When mixing the fish, pay attention to ensure the fish is evenly salted and not crushed. Place each layer slowly into the jar containing the salted fish. Place a bamboo woven grid or dried areca leaf on top and seal it. Cover tightly, put in a dark, dry, clean, airtight room, keep the temperature moderate, and mix the salted fish again for about six or seven months. When the grid appears a white enamel layer, remove the grid and scoop out the enamel layer. Salted fish in March, near Lunar New Year, start filtering the fish sauce. Gently remove the grid, mix the fish sauce evenly and use a fine cloth to filter the fish sauce.
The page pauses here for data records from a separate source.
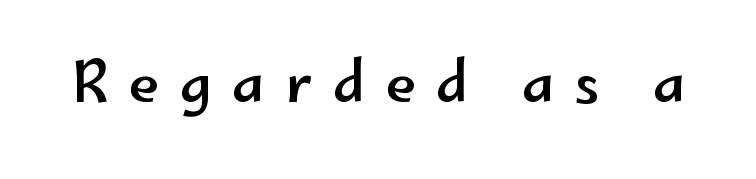
{"serif": "no", "italic": "no", "width": "wide", "stroke_contrast": "low", "x_height": "small", "monospaced": "no", "underline": "no", "letter_spacing": "wide", "letter_spacing_em": 0.37, "glyph_px": 55}
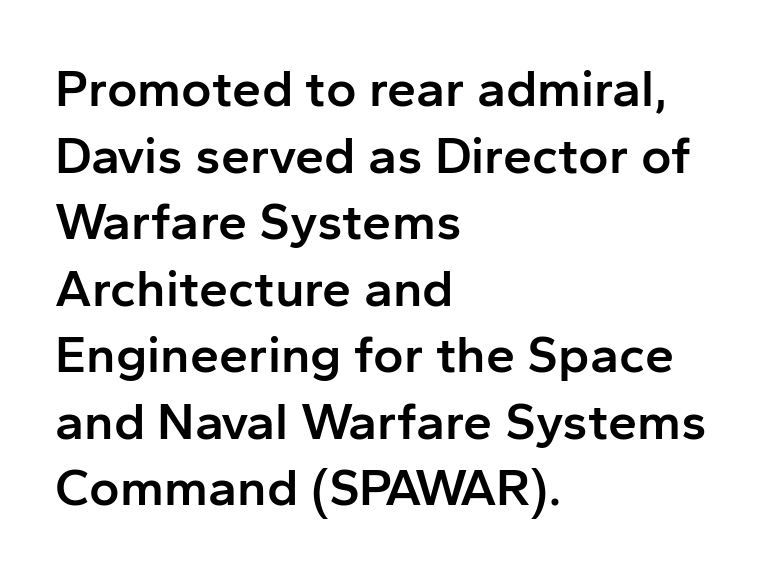
{"serif": "no", "italic": "no", "bold": "semi", "weight": "semibold", "width": "normal", "stroke_contrast": "low", "x_height": "medium", "monospaced": "no", "underline": "no", "align": "left", "line_spacing": "normal", "line_spacing_ratio": 1.28, "letter_spacing": "normal", "letter_spacing_em": 0.0, "glyph_px": 52}
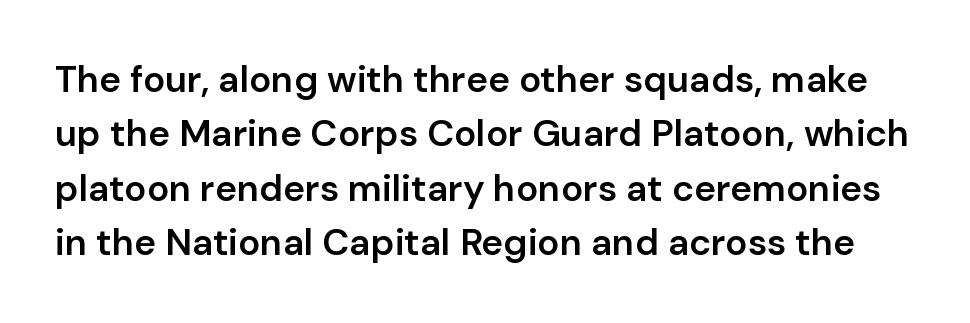
The specimen omits any rule beneath the text block's lines. Set as a demibold, roughly 600 on the weight scale. Each new line begins a customary step beneath the previous one. Note: no serifs on the glyphs.
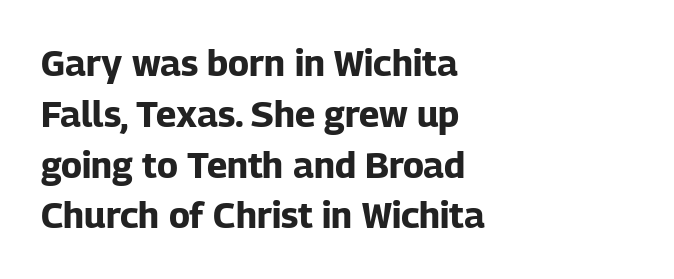
{"serif": "no", "italic": "no", "bold": "yes", "weight": "bold", "width": "normal", "stroke_contrast": "low", "x_height": "medium", "monospaced": "no", "underline": "no", "align": "left", "line_spacing": "normal", "line_spacing_ratio": 1.41, "letter_spacing": "normal", "letter_spacing_em": 0.0, "glyph_px": 36}
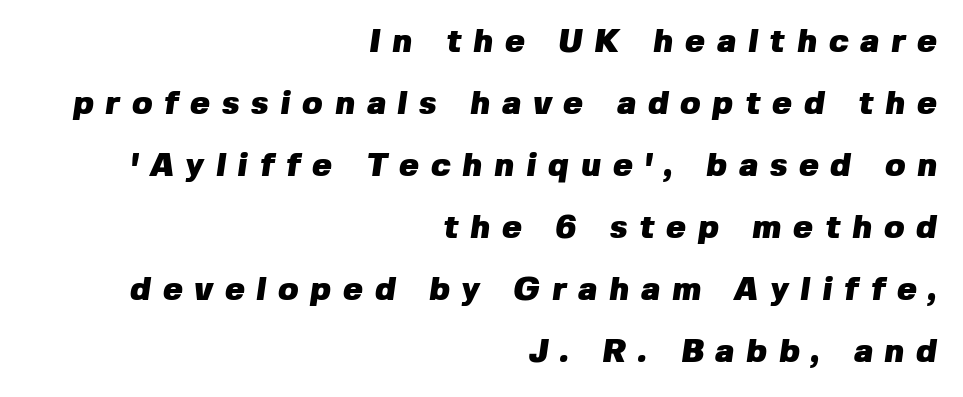
Q: Is the text bold? A: Yes.
Q: Is the typeface a serif or a sans-serif typeface? A: Sans-serif.
Q: Is the text underlined? A: No.
Q: How is the paragraph aligned? A: Right-aligned.
Q: Is the spacing between letters normal or unusually wide? A: Unusually wide.
Q: Width (condensed, normal, or wide)? A: Normal.
Q: Stroke contrast? A: Low.
Q: x-height? A: Medium.
Q: Monospaced? A: No.
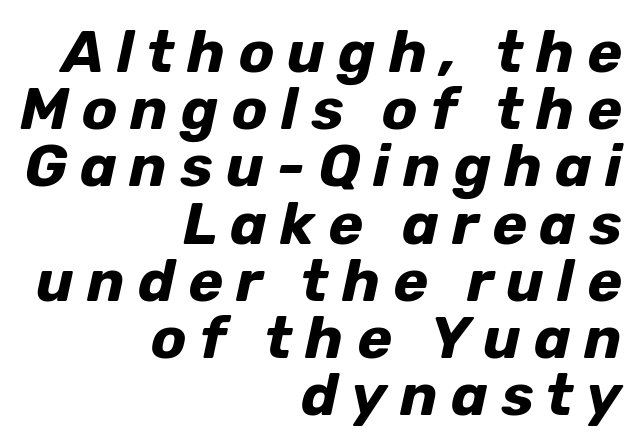
Q: Is the text bold? A: Yes.
Q: Is the text italic (slanted)? A: Yes, it leans right by about 12 degrees.
Q: Is the text underlined? A: No.
Q: How is the paragraph aligned? A: Right-aligned.
Q: Is the spacing between letters normal or unusually wide? A: Unusually wide.
Q: Is the spacing between lines tight, normal or loose? A: Tight.
Q: Width (condensed, normal, or wide)? A: Normal.
Q: Stroke contrast? A: Low.
Q: x-height? A: Medium.
Q: Monospaced? A: No.
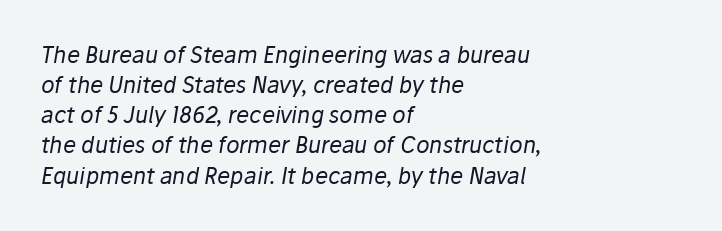
Does extra space separate the letters? No, they use regular spacing. These lines were composed using italics. Summary of vertical rhythm: regular, with standard interline spacing. The rag falls on the right side of this text block. Weight: not bold — regular or lighter.
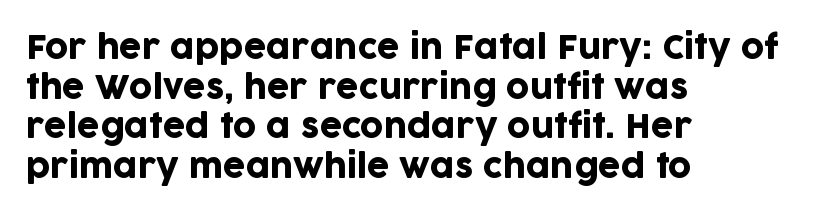
The image shows 32 px sans-serif type, upright; set left-aligned, line spacing 1.24x, normal letter spacing, not underlined; low stroke contrast and a large x-height.
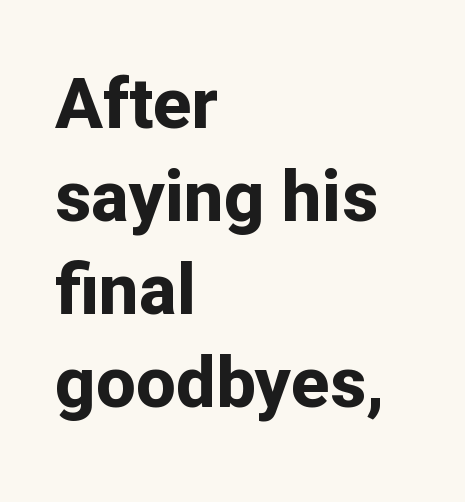
Q: Is the text bold? A: Yes.
Q: Is the text italic (slanted)? A: No, it is upright.
Q: Is the typeface a serif or a sans-serif typeface? A: Sans-serif.
Q: Is the text underlined? A: No.
Q: How is the paragraph aligned? A: Left-aligned.
Q: Is the spacing between letters normal or unusually wide? A: Normal.
Q: Is the spacing between lines tight, normal or loose? A: Normal.
Q: Width (condensed, normal, or wide)? A: Normal.
Q: Stroke contrast? A: Low.
Q: x-height? A: Medium.
Q: Monospaced? A: No.
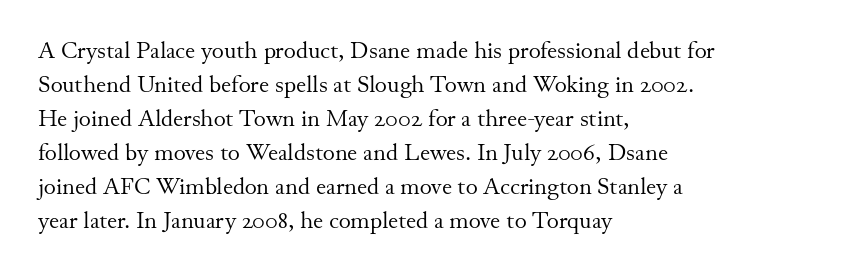
The type sits square on the baseline with zero lean. Stem width sits at or under what a default text font uses. Horizontally, the lines are justified to the leading edge only. This sample keeps an unexceptional amount of space between lines. The space beneath each line is pristine and unruled. There is no visible air inserted between adjacent glyphs.
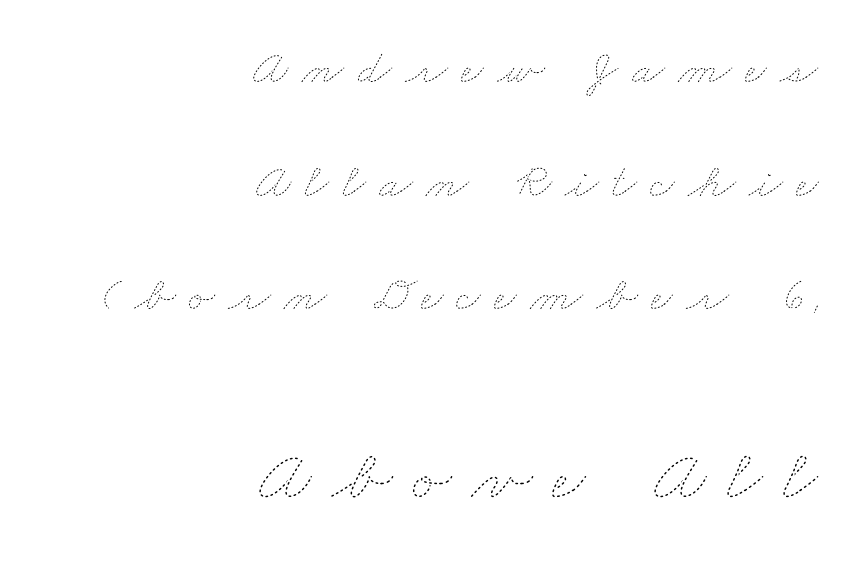
Q: Is the text bold? A: No.
Q: Is the text underlined? A: No.
Q: How is the paragraph aligned? A: Right-aligned.
Q: Is the spacing between letters normal or unusually wide? A: Unusually wide.
Q: Is the spacing between lines tight, normal or loose? A: Loose.
Q: Which block of text is set in a larger size, the first (top) or the second (bottom)? A: The second (bottom) one.
Q: Width (condensed, normal, or wide)? A: Wide.
Q: Stroke contrast? A: Low.
Q: x-height? A: Small.
Q: Monospaced? A: No.
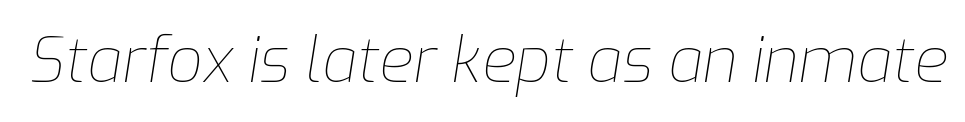
The image shows 62 px thin type, italic (leaning right); set normal letter spacing, not underlined; low stroke contrast and a medium x-height.
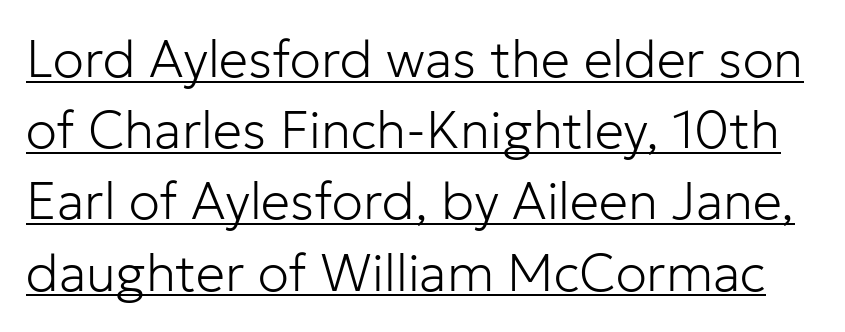
The typesetter has applied underlining to the passage shown. Observe the absence of serifs on each vertical stroke in this sample. The font sits on the lighter half of the weight spectrum, regular included. Posture: straight, roman, zero tilt.
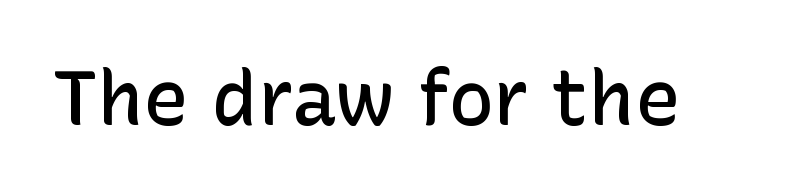
Q: Is the text bold? A: Semi-bold.
Q: Is the text italic (slanted)? A: No, it is upright.
Q: Is the typeface a serif or a sans-serif typeface? A: Sans-serif.
Q: Is the text underlined? A: No.
Q: Is the spacing between letters normal or unusually wide? A: Normal.
Q: Width (condensed, normal, or wide)? A: Normal.
Q: Stroke contrast? A: Low.
Q: x-height? A: Medium.
Q: Monospaced? A: No.
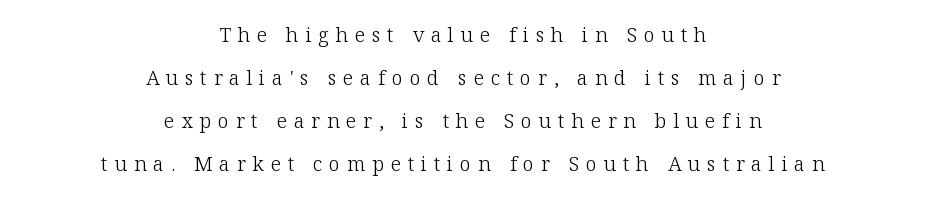
The whitespace from short lines is split evenly between both sides. No heavy texture on the line: the type isn't bold. Someone cranked the tracking dial way up on this one. A great deal of white space separates one row of letters from the next.
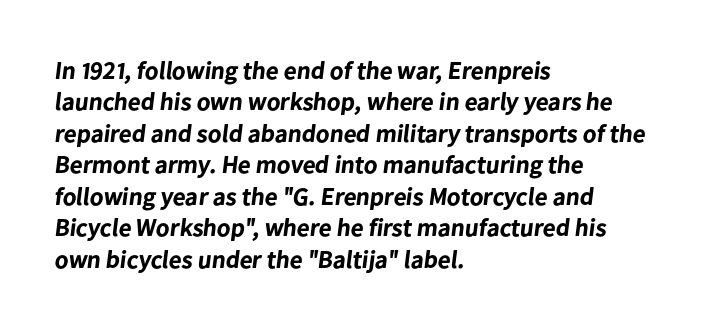
Q: Is the text bold? A: Yes.
Q: Is the text underlined? A: No.
Q: How is the paragraph aligned? A: Left-aligned.
Q: Is the spacing between letters normal or unusually wide? A: Normal.
Q: Is the spacing between lines tight, normal or loose? A: Normal.
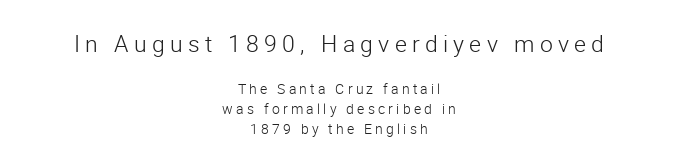
The image shows 23 px text type, upright; set centered, normal line spacing (1.45x), unusually wide letter spacing (+0.23 em), not underlined; the first (top) block is 1.64x larger.
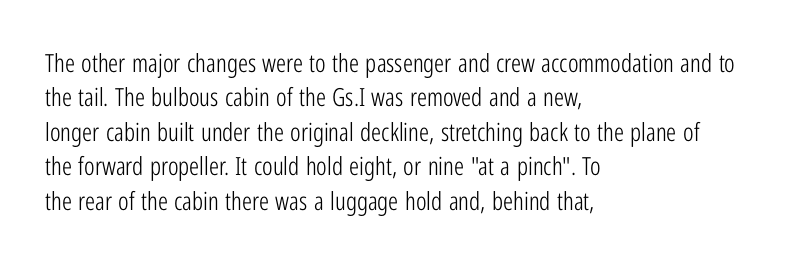
{"italic": "no", "bold": "no", "underline": "no", "align": "left", "line_spacing": "normal", "line_spacing_ratio": 1.38, "letter_spacing": "normal", "letter_spacing_em": 0.0, "glyph_px": 25}
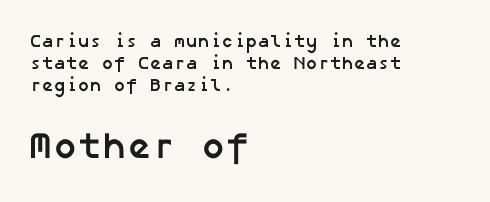
Spacing between characters is what you'd get straight out of the box. Typographic density is high because the face is bold. Lines of text with bare space underneath. Grotesque or geometric, the face here clearly has no serifs. Larger block? The one below; the one above is distinctly smaller.
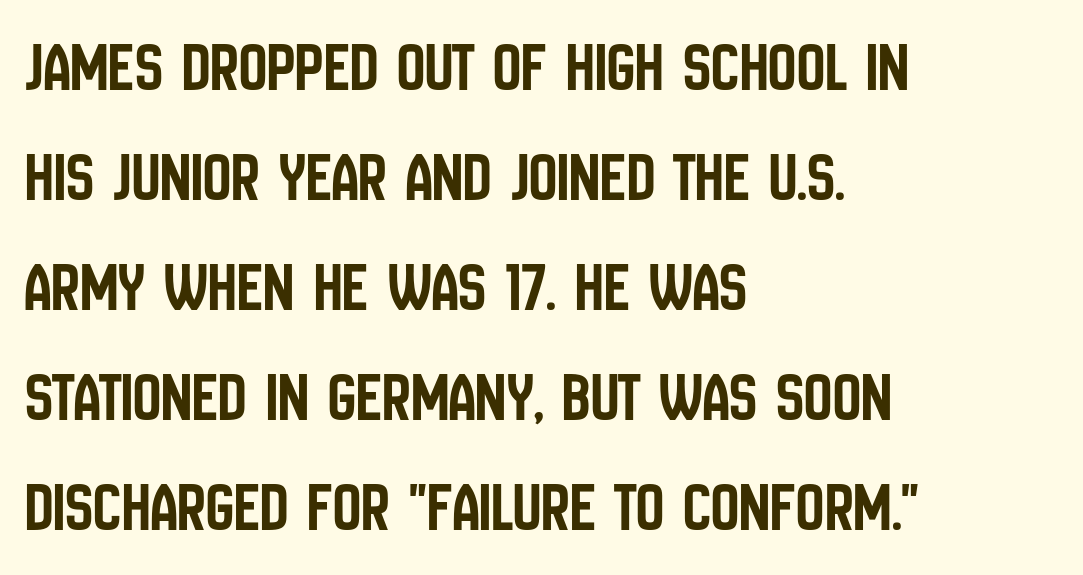
The image shows 70 px condensed sans-serif type, upright; set left-aligned, normal line spacing (1.57x), normal letter spacing, not underlined; low stroke contrast and a large x-height.
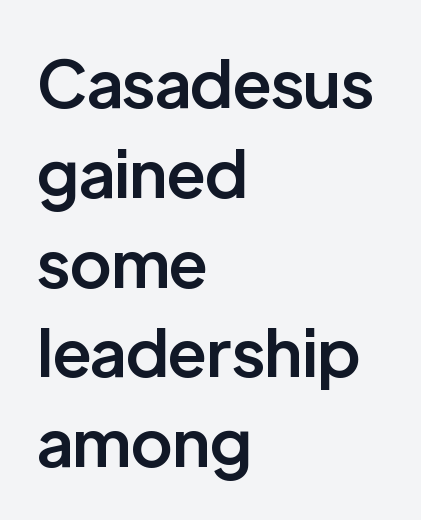
{"serif": "no", "italic": "no", "bold": "semi", "weight": "semibold", "width": "normal", "stroke_contrast": "low", "x_height": "medium", "monospaced": "no", "underline": "no", "align": "left", "line_spacing": "normal", "line_spacing_ratio": 1.36, "letter_spacing": "normal", "letter_spacing_em": 0.0, "glyph_px": 66}
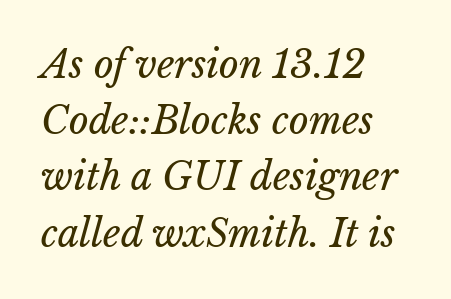
{"bold": "no", "weight": "regular", "width": "normal", "stroke_contrast": "low", "x_height": "medium", "monospaced": "no", "underline": "no", "align": "left", "line_spacing": "normal", "line_spacing_ratio": 1.48, "letter_spacing": "normal", "letter_spacing_em": 0.0, "glyph_px": 38}
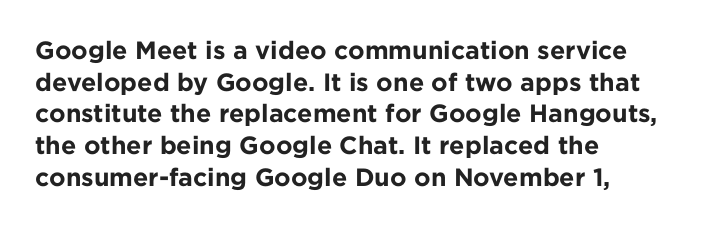
The image shows 25 px bold type, upright; set left-aligned, normal line spacing (1.27x), normal letter spacing, not underlined.
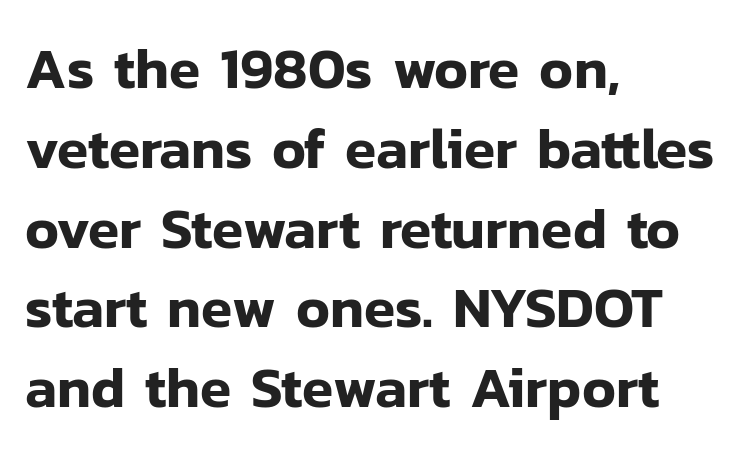
{"serif": "no", "italic": "no", "width": "normal", "stroke_contrast": "low", "x_height": "medium", "monospaced": "no", "underline": "no", "align": "left", "line_spacing": "normal", "line_spacing_ratio": 1.4, "letter_spacing": "normal", "letter_spacing_em": 0.0, "glyph_px": 57}
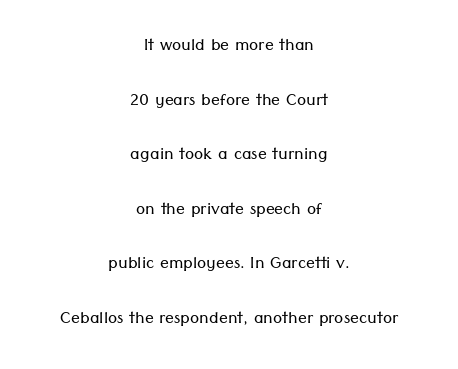
Reading down the column, the eye jumps a long way to each next line. In terms of letterspacing, this is plain default setting. Which margin do the lines hug? Neither — every line sits in the middle. No word sits above an underline.

The fish sauce flows slowly, has a dark red color like the color of cockroach wings, and the aroma is very attractive.
And another important thing is that the salt used to marinate the fish must be from Nha Trang (Khanh Hoa), Quang Ngai, Binh Thuan , with large, mature, pure white grains, exposed to the sun and not exposed to rain, brought back and poured on a dry cement floor for five to seven days to drain all the bitter water, then put in a jar and stored for a few years before using.
Presently, the Nam O Traditional Fish Sauce Village Association has been established and recognized by the Vietnam Intellectual Property Office and granted a Collective Trademark Certificate to the Village Association.